Курлов пишет, что к началу второго антракта «я вернулся в партер… подошел к Столыпину, чтобы передать ему разговор с Кулябко, а засим не отходить от него ни на шаг, как делал это всегда, когда министр присутствовал в каком-либо публичном месте». Это ложь. И близко его там не было, как, впрочем, и за весь период пребывания в Киеве – от царя он не отходил. Не было подле премьера и штабс-капитана Есаулова. Тому зачем-то понадобилось потолкаться в фойе. Может, был уверен, что в столь охраняемом месте премьеру уж точно ничего не грозит?
Столыпин беседовал с министром двора бароном Владимиром Фредериксом, военным министром Владимиром Сухомлиновым и местным земельным магнатом графом Иосифом Потоцким. Подошел Коковцов, сообщил, что после следующего акта едет на вокзал, не надо ли чего передать в Петербурге? Столыпин грустно улыбнулся: «Нет, передавать нечего, а вот если вы можете взять меня с собой в поезд, то я вам буду глубоко благодарен. Я от души завидую вам, что вы уезжаете, мне здесь очень тяжело ничего не делать и чувствовать себя целый день каким-то издерганным, разбитым». Тот отшутился, дескать, сделайте одолжение. И пошел к старикам Афанасьевым, сидящим в последнем ряду, благодарить за добрый приют. Навстречу ему, едва не задев министра, проковылял к балюстраде некий молодой человек с мутными, явно отсутствующими глазами, тщательно прикрывая программкой что-то зажатое в руке.
Столыпин смотрел прямо на него – на фоне белых сюртуков и мундиров фрачный Богров с безумными глазами смотрелся черным вороном. Безумный взгляд остановился, Столыпин расправил плечи. Возможно, он все понял – его судьба читалась в рыбьих глазах этого юноши. «Когда в нас стреляют, прятаться нельзя».
В двух шагах от премьера Богров вскинул руку с браунингом. На уровне груди. Зажмурился и… дважды нажал на спусковой крючок. Два сухих щелчка. Вот он, «революционный акт».
В кого он стрелял? Понимал ли он? На допросе Богров утверждал: «Еще в 1907 году у меня зародилась мысль о совершении террористического акта в форме убийства кого-либо из высших представителей правительства, каковая мысль явилась прямым последствием моих анархических убеждений. Затем в период моей работы в Киевском охранном отделении я эту мысль оставил. А в нынешнем году снова вернулся к ней, причем я решил убить министра Столыпина, так как я считал его главным виновником реакции и находил, что его деятельность для блага народа очень вредна… Я считаю его главным виновником наступившей в России реакции, то есть отступления от установившегося в 1905 году порядка: роспуск Государственной думы, изменение избирательного закона, притеснение печати, инородцев, игнорирование мнений Государственной думы и вообще целый ряд мер, подрывающих интересы народа».
Понимал ли революционный деятель, что эти два сухих щелчка предназначались даже не премьеру, который был к этому моменту списанной политической фигурой.
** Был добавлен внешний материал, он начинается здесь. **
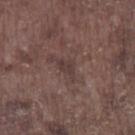biopsy_status: not biopsied; imaged during a skin examination
site: left lower leg
lighting: white-light
lesion_size:
  long_diameter_mm_approx: 2.5
patient:
  sex: male
  age_approx: 75
image:
  source: total-body photography crop
  field_of_view_mm: 15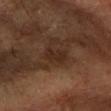| key | value |
|---|---|
| biopsy status | total-body-photography surveillance lesion; no biopsy |
| lighting | cross-polarized illumination |
| TBP lesion metrics | a lesion area of about 4 mm², an eccentricity of roughly 0.75, and a symmetry-axis asymmetry near 0.25; a within-lesion color-variation index near 2/10 |
| patient | male, aged around 60 |
| body site | the left forearm |
| image | ~15 mm crop, total-body skin-cancer survey |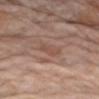| feature | finding |
|---|---|
| notes | catalogued during a skin exam; not biopsied |
| TBP lesion metrics | a mean CIELAB color near L≈50 a*≈19 b*≈25 |
| site | the arm |
| image source | ~15 mm crop, total-body skin-cancer survey |
| patient | male, aged 73–77 |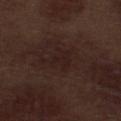The lesion was photographed on a routine skin check and not biopsied; there is no pathology result. Automated image analysis of the tile measured internal color variation of about 2 on a 0–10 scale. And it measured a nevus-likeness score of about 0/100 and lesion-presence confidence of about 100/100. Longest diameter approximately 3 mm. The lesion is on the leg. A 15 mm close-up extracted from a 3D total-body photography capture. A male subject aged approximately 70. Imaged with white-light lighting.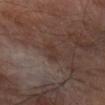The total-body-photography lesion software estimated a lesion area of about 3.5 mm², a shape eccentricity near 0.85, and two-axis asymmetry of about 0.4. The analysis additionally found a mean CIELAB color near L≈32 a*≈16 b*≈20, about 5 CIELAB-L* units darker than the surrounding skin, and a lesion-to-skin contrast of about 5 (normalized; higher = more distinct). It also reported a nevus-likeness score of about 0/100 and a detector confidence of about 100 out of 100 that the crop contains a lesion.
On the arm.
A region of skin cropped from a whole-body photographic capture, roughly 15 mm wide.
A male patient in their 70s.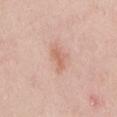Impression: Part of a total-body skin-imaging series; this lesion was reviewed on a skin check and was not flagged for biopsy. Background: From the chest. A male patient in their 50s. The lesion-visualizer software estimated a footprint of about 3.5 mm² and two-axis asymmetry of about 0.3. And it measured a lesion-detection confidence of about 100/100. A 15 mm crop from a total-body photograph taken for skin-cancer surveillance. Imaged with white-light lighting. The recorded lesion diameter is about 3 mm.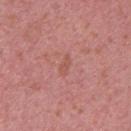Assessment:
The lesion was tiled from a total-body skin photograph and was not biopsied.
Background:
On the upper back. The subject is a female in their 40s. Captured under white-light illumination. A 15 mm crop from a total-body photograph taken for skin-cancer surveillance.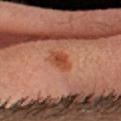Imaged during a routine full-body skin examination; the lesion was not biopsied and no histopathology is available.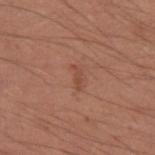biopsy status: total-body-photography surveillance lesion; no biopsy | diameter: ~2.5 mm (longest diameter) | automated metrics: a lesion area of about 2.5 mm², an eccentricity of roughly 0.9, and a shape-asymmetry score of about 0.5 (0 = symmetric); a color-variation rating of about 0/10 and peripheral color asymmetry of about 0; a nevus-likeness score of about 0/100 | site: the left upper arm | imaging modality: total-body-photography crop, ~15 mm field of view | subject: male, aged 33 to 37 | illumination: white-light illumination.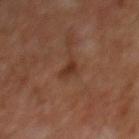{
  "biopsy_status": "not biopsied; imaged during a skin examination",
  "automated_metrics": {
    "cielab_L": 30,
    "cielab_a": 19,
    "cielab_b": 26,
    "vs_skin_darker_L": 7.0,
    "vs_skin_contrast_norm": 7.0,
    "peripheral_color_asymmetry": 0.5
  },
  "lesion_size": {
    "long_diameter_mm_approx": 2.5
  },
  "patient": {
    "sex": "male",
    "age_approx": 60
  },
  "site": "mid back",
  "lighting": "cross-polarized",
  "image": {
    "source": "total-body photography crop",
    "field_of_view_mm": 15
  }
}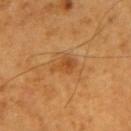No biopsy was performed on this lesion — it was imaged during a full skin examination and was not determined to be concerning.
A roughly 15 mm field-of-view crop from a total-body skin photograph.
A male subject, aged approximately 60.
On the left upper arm.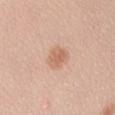• notes · total-body-photography surveillance lesion; no biopsy
• illumination · white-light
• site · the left forearm
• lesion diameter · about 2.5 mm
• subject · female, aged 23–27
• image · ~15 mm crop, total-body skin-cancer survey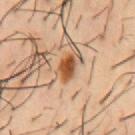This lesion was catalogued during total-body skin photography and was not selected for biopsy.
From the front of the torso.
Cropped from a whole-body photographic skin survey; the tile spans about 15 mm.
A male patient aged 53–57.
The recorded lesion diameter is about 3 mm.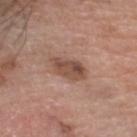workup = imaged on a skin check; not biopsied
lighting = white-light
size = ≈4 mm
imaging modality = ~15 mm tile from a whole-body skin photo
site = the head or neck
patient = male, approximately 60 years of age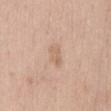Clinical impression: Recorded during total-body skin imaging; not selected for excision or biopsy. Image and clinical context: Located on the abdomen. About 3.5 mm across. The subject is a female in their mid- to late 40s. A close-up tile cropped from a whole-body skin photograph, about 15 mm across. Automated tile analysis of the lesion measured a normalized lesion–skin contrast near 5. The software also gave border irregularity of about 2.5 on a 0–10 scale, a color-variation rating of about 2/10, and radial color variation of about 1. The analysis additionally found a nevus-likeness score of about 0/100 and a detector confidence of about 100 out of 100 that the crop contains a lesion. Imaged with white-light lighting.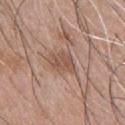Part of a total-body skin-imaging series; this lesion was reviewed on a skin check and was not flagged for biopsy. The lesion is on the front of the torso. Automated image analysis of the tile measured a lesion area of about 7 mm², an eccentricity of roughly 0.7, and a shape-asymmetry score of about 0.25 (0 = symmetric). Captured under white-light illumination. A male patient approximately 45 years of age. A close-up tile cropped from a whole-body skin photograph, about 15 mm across. The lesion's longest dimension is about 3.5 mm.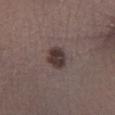Clinical impression: Captured during whole-body skin photography for melanoma surveillance; the lesion was not biopsied. Image and clinical context: Cropped from a whole-body photographic skin survey; the tile spans about 15 mm. A male subject, in their 40s. On the leg.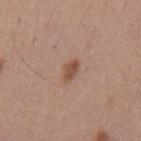Case summary:
– follow-up · catalogued during a skin exam; not biopsied
– location · the mid back
– image · 15 mm crop, total-body photography
– patient · male, approximately 55 years of age

Он таким образом палил в Россию и в ее народ, для которого Столыпин сделал больше, чем все богровы, а заодно и николаи яковлевичи, вместе взятые. Браунинг киевского Герострата стал первой ступенькой на эшафот для династии Романовых и народа-богоносца.
Первая пуля попала аккурат в орден Святого Владимира 3-й степени. Кусочек свинца вместе со средней круглой частью орденского знака изменили прямое направление в сердце и, пробив грудную клетку, плевру, грудобрюшную преграду и печень, разрывая внутренности, застряли в позвоночнике. Вторая пуля насквозь прошила многострадальную правую руку (инстинктивно поднял, чтобы защититься), балюстраду и попала в правую ногу первого концертмейстера городского театра Антона Берглера («сквозное ранение мягких частей правого бедра, приблизительно посередине»). На груди бессильно повис искривленный и частью отломанный золотой ободок ордена без эмали.
На мгновение в зрительном зале воцарилась гробовая тишина. Коковцов замер, приложившись к ручке мадам Афанасьевой. Фредерикс и Сухомлинов куда-то испарились. Каменной статуей явился губернатор Гирс, шедший с Богровым параллельным курсом. Где была «рота сыскарей» в этот момент, вообще непонятно. Гоголевская немая сцена. Богров в полном трансе, не выпуская браунинга, развернулся и поплелся к выходу. Несколько секунд у него было до первого женского визга. При желании можно было выскользнуть из зала. Но по собственному признанию Богрова, он ничего не соображал в тот момент и очнулся, только когда его начали бить.